_Excerpted data_
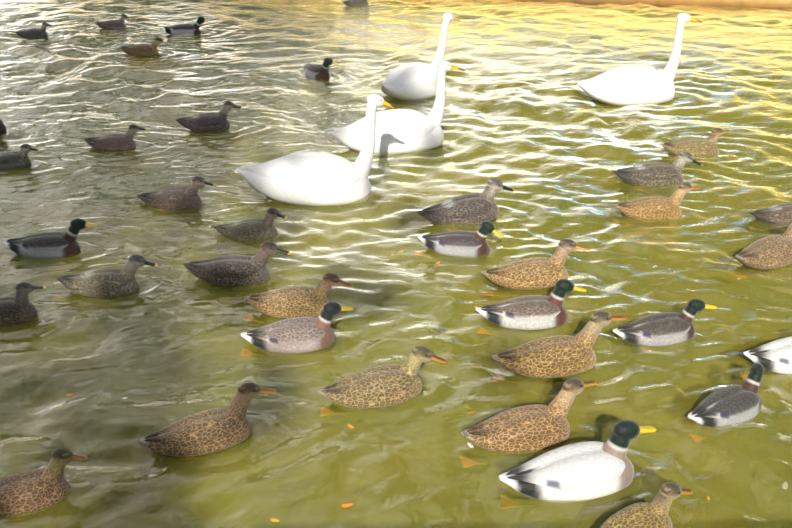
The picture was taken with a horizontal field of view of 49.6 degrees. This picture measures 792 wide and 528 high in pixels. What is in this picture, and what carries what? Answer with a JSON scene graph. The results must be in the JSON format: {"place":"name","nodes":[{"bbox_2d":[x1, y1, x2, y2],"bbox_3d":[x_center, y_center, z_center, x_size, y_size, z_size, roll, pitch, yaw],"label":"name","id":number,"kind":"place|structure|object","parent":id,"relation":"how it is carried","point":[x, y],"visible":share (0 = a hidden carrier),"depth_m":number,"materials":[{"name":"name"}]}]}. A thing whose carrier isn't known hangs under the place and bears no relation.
{"place":"outdoors","nodes":[
{"label":"outdoors","id":0,"kind":"place"},
{"bbox_2d":[0,0,791,527],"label":"pond water","id":1,"kind":"structure","parent":0,"point":[540,130],"depth_m":4.44,"materials":[{"name":"green liquid"}]},
{"bbox_2d":[0,120,5,133],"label":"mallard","id":2,"kind":"object","parent":1,"relation":"on","point":[2,128],"visible":0.94,"depth_m":6.31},
{"bbox_2d":[0,144,39,169],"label":"duck","id":3,"kind":"object","parent":1,"relation":"on","point":[20,159],"visible":0.94,"depth_m":5.60},
{"bbox_2d":[0,282,45,324],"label":"duck","id":4,"kind":"object","parent":1,"relation":"on","point":[19,307],"visible":0.98,"depth_m":3.79},
{"bbox_2d":[15,22,51,39],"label":"duck","id":5,"kind":"object","parent":1,"relation":"on","point":[34,33],"visible":0.94,"depth_m":9.41},
{"bbox_2d":[0,447,87,513],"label":"duck","id":6,"kind":"object","parent":1,"relation":"on","point":[31,490],"visible":0.94,"depth_m":2.72},
{"bbox_2d":[2,218,97,257],"bbox_3d":[-1.802,-0.120,4.452,0.518,0.243,0.162,-1,24,-4],"label":"mallard","id":7,"kind":"object","parent":1,"relation":"on","point":[49,244],"visible":0.96,"depth_m":4.41,"materials":[{"name":"grey"}]},
{"bbox_2d":[57,254,156,296],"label":"duck","id":8,"kind":"object","parent":1,"relation":"on","point":[107,282],"visible":1,"depth_m":4.03},
{"bbox_2d":[94,14,129,27],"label":"duck","id":9,"kind":"object","parent":1,"relation":"on","point":[119,23],"visible":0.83,"depth_m":9.91},
{"bbox_2d":[84,124,146,150],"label":"duck","id":10,"kind":"object","parent":1,"relation":"on","point":[111,142],"visible":0.96,"depth_m":5.96},
{"bbox_2d":[119,37,167,55],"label":"duck","id":11,"kind":"object","parent":1,"relation":"on","point":[141,50],"visible":0.81,"depth_m":8.63},
{"bbox_2d":[137,176,214,208],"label":"duck","id":12,"kind":"object","parent":1,"relation":"on","point":[179,198],"visible":0.92,"depth_m":5.00},
{"bbox_2d":[161,16,210,34],"bbox_3d":[-2.364,-2.647,9.633,0.564,0.266,0.182,-2,25,-10],"label":"mallard","id":13,"kind":"object","parent":1,"relation":"on","point":[180,29],"visible":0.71,"depth_m":9.57,"materials":[{"name":"grey"}]},
{"bbox_2d":[138,382,275,456],"bbox_3d":[-0.658,0.563,3.034,0.496,0.251,0.163,-11,25,-16],"label":"duck","id":14,"kind":"object","parent":1,"relation":"on","point":[206,431],"visible":0.96,"depth_m":2.99},
{"bbox_2d":[175,101,241,131],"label":"duck","id":15,"kind":"object","parent":1,"relation":"on","point":[205,122],"visible":0.88,"depth_m":6.37},
{"bbox_2d":[183,241,290,285],"bbox_3d":[-0.770,0.005,4.170,0.530,0.268,0.175,2,26,1],"label":"duck","id":16,"kind":"object","parent":1,"relation":"on","point":[231,270],"visible":0.98,"depth_m":4.12},
{"bbox_2d":[214,208,286,239],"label":"duck","id":17,"kind":"object","parent":1,"relation":"on","point":[254,229],"visible":0.9,"depth_m":4.60},
{"bbox_2d":[241,302,353,352],"bbox_3d":[-0.419,0.282,3.631,0.496,0.238,0.166,-5,30,-7],"label":"mallard","id":18,"kind":"object","parent":1,"relation":"on","point":[299,334],"visible":0.96,"depth_m":3.59,"materials":[{"name":"grey"}]},
{"bbox_2d":[244,273,351,318],"bbox_3d":[-0.450,0.150,3.898,0.498,0.250,0.164,0,29,-7],"label":"duck","id":19,"kind":"object","parent":1,"relation":"on","point":[293,302],"visible":0.9,"depth_m":3.85},
{"bbox_2d":[236,94,396,205],"bbox_3d":[-0.478,-0.647,5.110,0.946,0.755,0.397,1,24,-4],"label":"swan","id":20,"kind":"object","parent":1,"relation":"on","point":[313,178],"visible":0.9,"depth_m":5.03,"materials":[{"name":"white"}]},
{"bbox_2d":[304,58,339,78],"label":"mallard","id":21,"kind":"object","parent":1,"relation":"on","point":[315,71],"visible":0.9,"depth_m":7.74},
{"bbox_2d":[342,0,368,5],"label":"duck","id":22,"kind":"object","parent":1,"relation":"on","point":[355,2],"visible":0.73,"depth_m":11.30},
{"bbox_2d":[318,346,446,408],"bbox_3d":[-0.056,0.447,3.292,0.511,0.249,0.172,-9,26,-14],"label":"duck","id":23,"kind":"object","parent":1,"relation":"on","point":[384,385],"visible":0.9,"depth_m":3.24},
{"bbox_2d":[329,61,464,153],"bbox_3d":[0.009,-1.036,5.974,0.973,0.696,0.396,-8,25,-9],"label":"swan","id":24,"kind":"object","parent":1,"relation":"on","point":[401,131],"visible":0.9,"depth_m":5.88,"materials":[{"name":"white"}]},
{"bbox_2d":[381,13,460,100],"bbox_3d":[0.196,-1.701,7.261,0.396,0.758,1.001,21,31,31],"label":"swan","id":25,"kind":"object","parent":1,"relation":"on","point":[411,81],"visible":0.79,"depth_m":7.12,"materials":[{"name":"white"}]},
{"bbox_2d":[66,250,785,521],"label":"floating leaves","id":26,"kind":"object","parent":1,"relation":"on","point":[470,445],"visible":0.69,"depth_m":3.02,"materials":[{"name":"orange plant"}]},
{"bbox_2d":[418,221,503,256],"bbox_3d":[0.327,-0.126,4.470,0.462,0.234,0.160,4,26,5],"label":"mallard","id":27,"kind":"object","parent":1,"relation":"on","point":[461,243],"visible":0.94,"depth_m":4.42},
{"bbox_2d":[417,178,514,223],"bbox_3d":[0.382,-0.328,4.851,0.591,0.289,0.199,-9,31,-8],"label":"duck","id":28,"kind":"object","parent":1,"relation":"on","point":[483,206],"visible":0.98,"depth_m":4.79},
{"bbox_2d":[461,378,596,451],"bbox_3d":[0.471,0.556,3.048,0.551,0.271,0.175,-7,24,-16],"label":"duck","id":29,"kind":"object","parent":1,"relation":"on","point":[531,427],"visible":0.98,"depth_m":3.00},
{"bbox_2d":[475,279,586,329],"bbox_3d":[0.595,0.192,3.803,0.499,0.256,0.174,-3,24,-2],"label":"mallard","id":30,"kind":"object","parent":1,"relation":"on","point":[532,312],"visible":0.96,"depth_m":3.75,"materials":[{"name":"grey"}]},
{"bbox_2d":[481,239,589,289],"bbox_3d":[0.666,0.017,4.146,0.533,0.270,0.177,-5,22,0],"label":"duck","id":31,"kind":"object","parent":1,"relation":"on","point":[535,273],"visible":0.96,"depth_m":4.09},
{"bbox_2d":[491,311,626,377],"bbox_3d":[0.654,0.340,3.469,0.574,0.287,0.183,-6,25,-7],"label":"duck","id":32,"kind":"object","parent":1,"relation":"on","point":[556,356],"visible":0.96,"depth_m":3.42},
{"bbox_2d":[499,419,656,500],"bbox_3d":[0.600,0.664,2.830,0.563,0.276,0.194,-9,24,-7],"label":"mallard","id":33,"kind":"object","parent":1,"relation":"on","point":[587,470],"visible":0.98,"depth_m":2.78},
{"bbox_2d":[577,13,701,105],"bbox_3d":[1.984,-1.635,7.073,0.993,0.821,0.415,-4,29,-5],"label":"swan","id":34,"kind":"object","parent":1,"relation":"on","point":[629,85],"visible":0.96,"depth_m":7.01,"materials":[{"name":"white"}]},
{"bbox_2d":[600,482,692,527],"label":"duck","id":35,"kind":"object","parent":1,"relation":"on","point":[653,513],"visible":1,"depth_m":2.59},
{"bbox_2d":[614,182,699,218],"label":"duck","id":36,"kind":"object","parent":1,"relation":"on","point":[656,207],"visible":0.88,"depth_m":4.86},
{"bbox_2d":[612,151,702,185],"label":"duck","id":37,"kind":"object","parent":1,"relation":"on","point":[653,174],"visible":0.9,"depth_m":5.32},
{"bbox_2d":[612,299,716,345],"bbox_3d":[1.153,0.264,3.691,0.458,0.219,0.155,-8,28,-5],"label":"mallard","id":38,"kind":"object","parent":1,"relation":"on","point":[663,329],"visible":0.98,"depth_m":3.65,"materials":[{"name":"grey"}]},
{"bbox_2d":[660,128,729,157],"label":"duck","id":39,"kind":"object","parent":1,"relation":"on","point":[702,147],"visible":0.96,"depth_m":5.83},
{"bbox_2d":[687,363,763,425],"bbox_3d":[1.238,0.508,3.178,0.422,0.216,0.147,-15,29,-23],"label":"mallard","id":40,"kind":"object","parent":1,"relation":"on","point":[730,404],"visible":1,"depth_m":3.14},
{"bbox_2d":[735,222,791,269],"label":"duck","id":41,"kind":"object","parent":1,"relation":"on","point":[771,252],"visible":0.92,"depth_m":4.29},
{"bbox_2d":[743,336,791,373],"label":"mallard","id":42,"kind":"object","parent":1,"relation":"on","point":[775,356],"visible":0.9,"depth_m":3.45,"materials":[{"name":"white"}]},
{"bbox_2d":[749,203,791,224],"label":"duck","id":43,"kind":"object","parent":1,"relation":"on","point":[779,214],"visible":0.9,"depth_m":4.80},
{"bbox_2d":[516,0,791,9],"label":"shore","id":44,"kind":"structure","parent":0,"point":[774,4],"depth_m":11.28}
]}

_What to work on_
Filter the records above, keeping each line that contains the word "outdoors".

_Output for this exercise_
{"place":"outdoors","nodes":[
{"label":"outdoors","id":0,"kind":"place"},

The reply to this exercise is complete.